Black Lives Matter vs All Lives Matter, Mana yang Benar?

Tim detikcom - detikNews
Selasa, 02 Jun 2020 16:50 WIB
People take part in a rally for the Black Lives Matter movement at Justin Herman Plaza in San Francisco, California on July 8, 2016.
About 1,000 people marched along Market Street to City Hall to denounce recent police shootings around the country. / AFP PHOTO / Josh Edelson
Ilustrasi (AFP PHOTO/Josh Edelson)
Jakarta -

Slogan black lives matter disuarakan banyak orang sebagai bentuk solidaritas atas kematian pria kulit hitam di Amerika Serikat, George Floyd. Namun narasi tandingan juga ada, yakni all lives matter.

Terpantau di Google Trends, Selasa (2/6/2020), pencarian dengan kata 'black lives matter' melambung sejak akhir Mei di seluruh dunia. Sama halnya dengan pencarian 'all lives matter', momennya juga naik sejak akhir Mei, meskipun jauh lebih sedikit.

Momen ini mengiringi kematian George Floyd di bawah lutut polisi kulit putih bernama Derek Chauvin di Minneapolis, Minnesota, Amerika Serikat (AS), pada 25 Mei 2020. Tagar-tagar terkait black lives matter dan all lives matter digunakan warganet dari berbagai negara, baik di Twitter, Instagram, maupun Facebook.

Akun resmi Twitter bahkan mencantumkan tagar #BlackLivesMatter sampai berita ini ditulis. Bos Facebook Mark Zuckerberg menyumbang USD 10 juta kepada kelompok-kelompok yang bekerja demi keadilan rasial. Black lives matter juga digemakan oleh Netflix.

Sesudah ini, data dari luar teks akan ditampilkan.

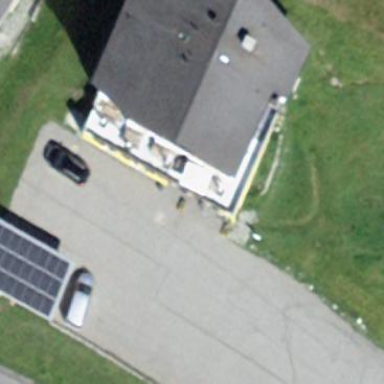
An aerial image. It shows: Parking area with asphalt surface.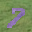
Label: 7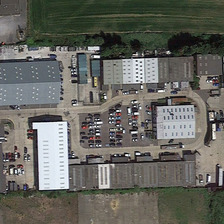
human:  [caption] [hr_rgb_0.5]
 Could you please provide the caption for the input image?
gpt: some buildings are around a parking lot in a industrial area .

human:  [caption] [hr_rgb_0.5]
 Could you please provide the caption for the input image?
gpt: some buildings are around a parking lot in a industrial area .

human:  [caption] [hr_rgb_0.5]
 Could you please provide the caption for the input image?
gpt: some buildings are around a parking lot in a industrial area .

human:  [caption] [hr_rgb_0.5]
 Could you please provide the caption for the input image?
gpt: some buildings are around a parking lot in a industrial area .

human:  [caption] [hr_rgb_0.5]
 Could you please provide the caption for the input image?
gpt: some buildings are around a parking lot in a industrial area .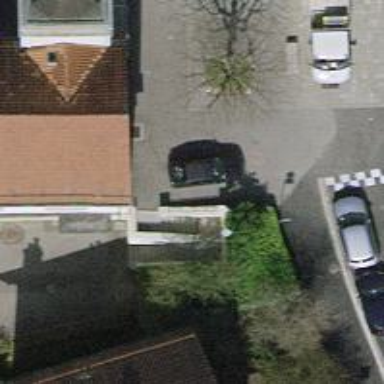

Black lives matter, atau bahasa Indonesia-nya adalah 'kehidupan orang kulit hitam itu penting' merupakan slogan yang muncul bukan kemarin saja, melainkan sudah sejak beberapa tahun lalu.

Dilansir The Guardian, gerakan The Black Lives Matter atau disingkat sebagai BLM dimulai pada 2013 oleh Alicia Garza, Patrisse Cullors, dan Opal Tometi. Saat itu ada kasus bernuansa rasial yakni pembunuhan remaja kulit hitam AS bernama Trayvon Martin oleh George Zimmerman, pada 2012. Selanjutnya, terjadi kematian dua orang kulit hitam di AS yakni Michael Brown dan Eric Garner di tangan polisi, pada 2014. Gerakan BLM menjadi yayasan di AS, Inggris, dan Kanada.